◆ What the task asks
Print, exactly and without pictures, the lines from the one where "Image recorded 4.8 sec after image 1." appears down to the end of the entries.

=== Given records ===

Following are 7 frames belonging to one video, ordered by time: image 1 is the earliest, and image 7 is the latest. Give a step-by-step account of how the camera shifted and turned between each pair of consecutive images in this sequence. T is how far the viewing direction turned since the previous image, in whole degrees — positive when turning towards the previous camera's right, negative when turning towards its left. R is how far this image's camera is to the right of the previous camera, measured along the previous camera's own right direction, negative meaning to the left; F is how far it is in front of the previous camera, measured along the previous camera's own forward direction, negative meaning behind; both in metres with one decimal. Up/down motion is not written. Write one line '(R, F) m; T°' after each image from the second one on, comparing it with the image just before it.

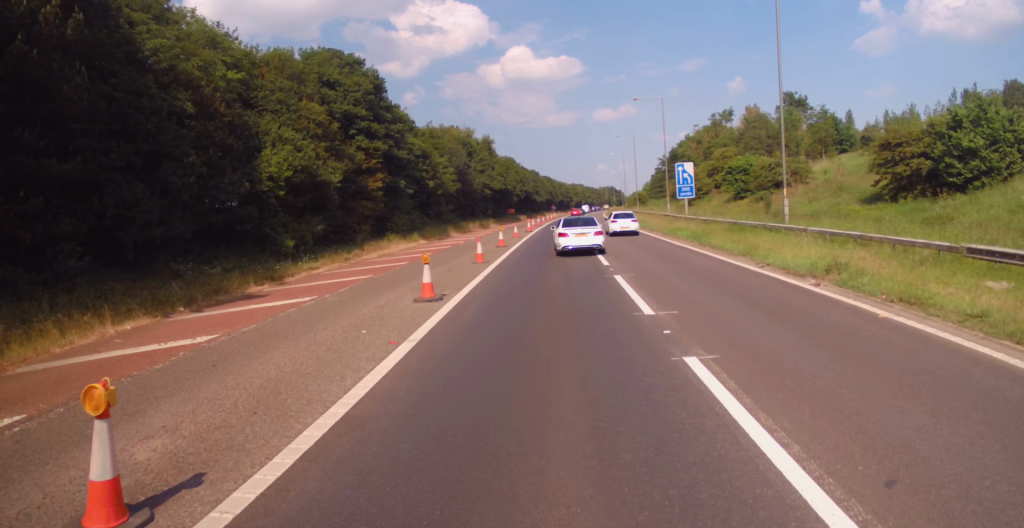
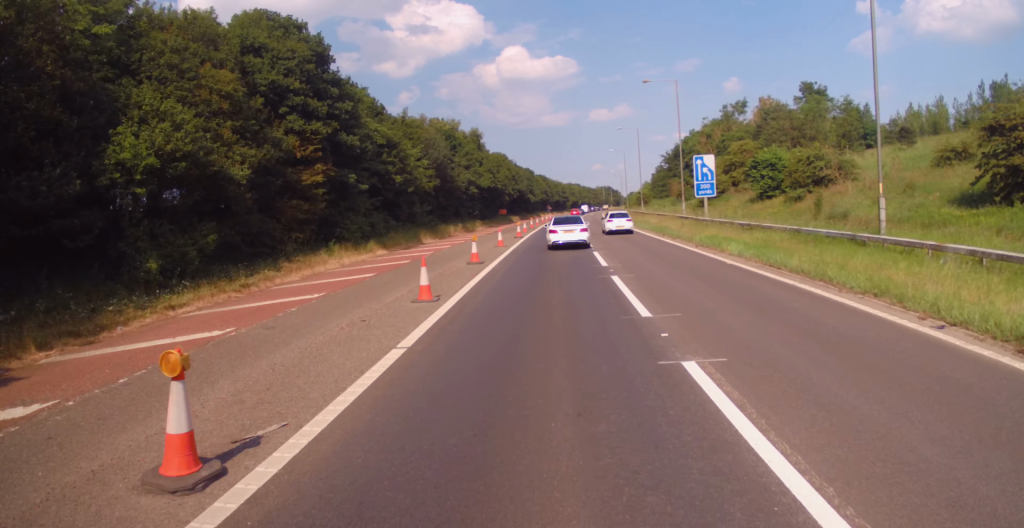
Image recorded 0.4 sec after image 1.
(+0.3, +9.3) m; +1°
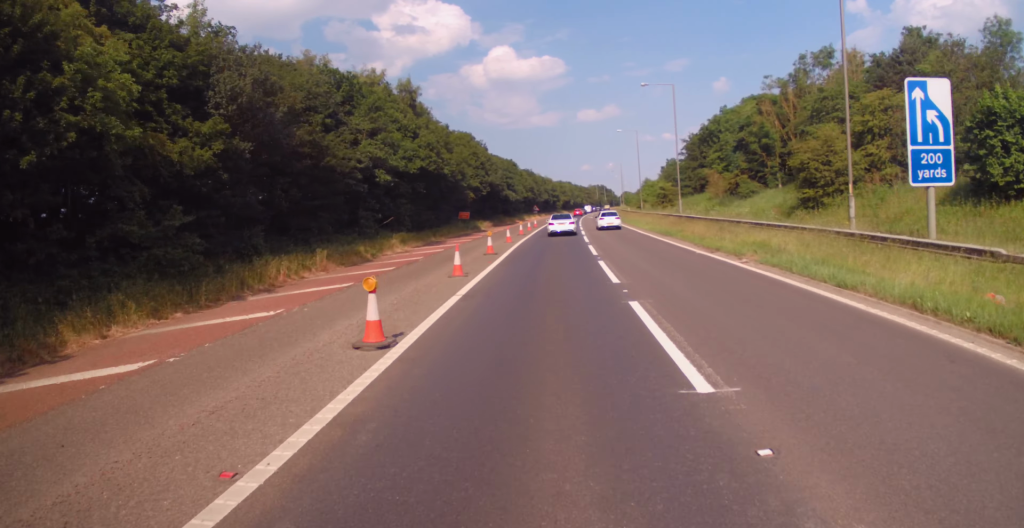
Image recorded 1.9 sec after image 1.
(+0.6, +32.2) m; 0°
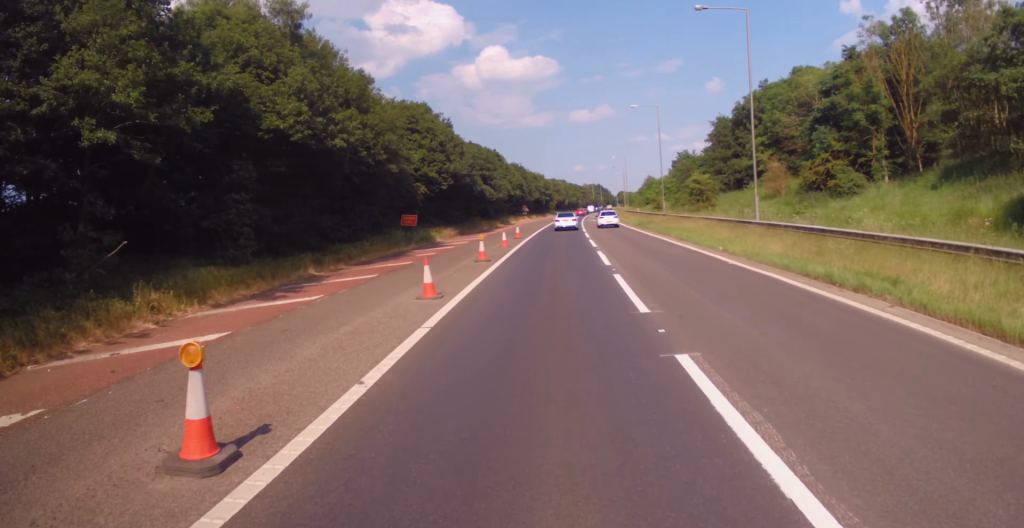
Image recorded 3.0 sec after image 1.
(-0.3, +22.7) m; 0°
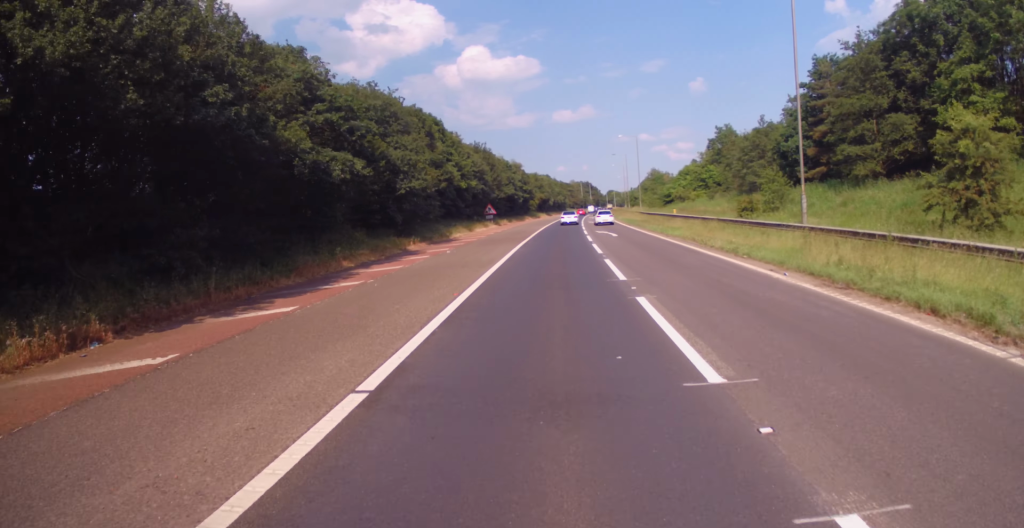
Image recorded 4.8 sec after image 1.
(+1.0, +41.4) m; +2°
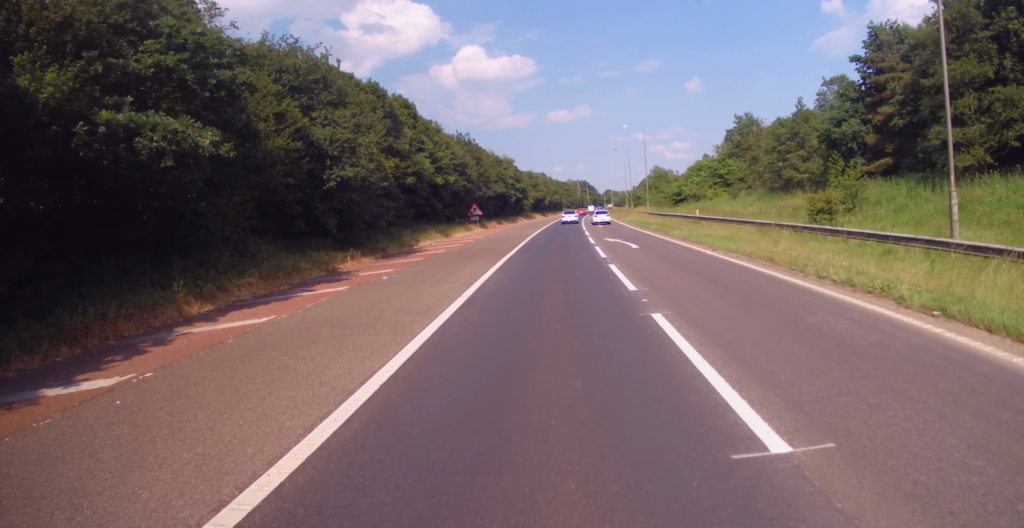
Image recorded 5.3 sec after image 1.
(+0.1, +11.1) m; 0°
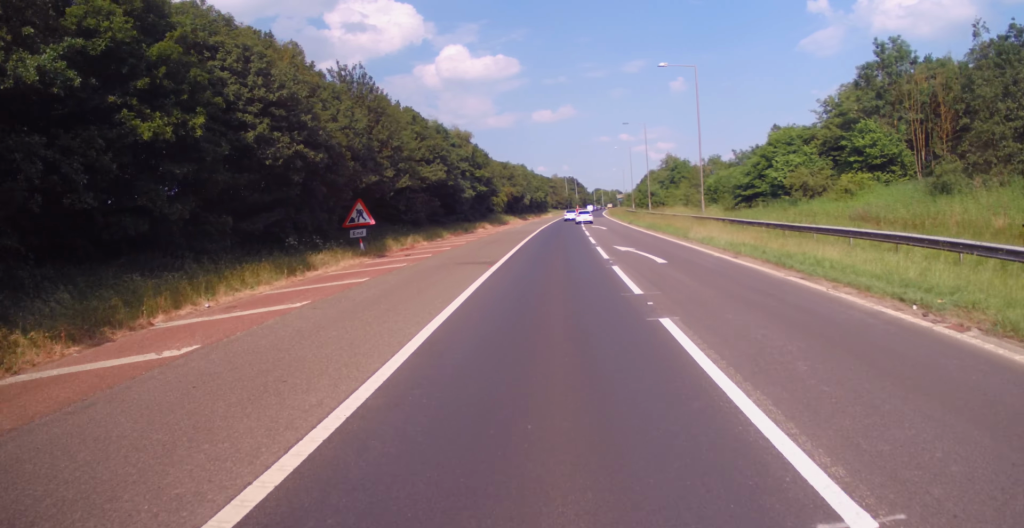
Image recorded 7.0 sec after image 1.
(+0.2, +37.5) m; +1°

===

◆ Exercise answer
Image recorded 4.8 sec after image 1.
(+1.0, +41.4) m; +2°
Image recorded 5.3 sec after image 1.
(+0.1, +11.1) m; 0°
Image recorded 7.0 sec after image 1.
(+0.2, +37.5) m; +1°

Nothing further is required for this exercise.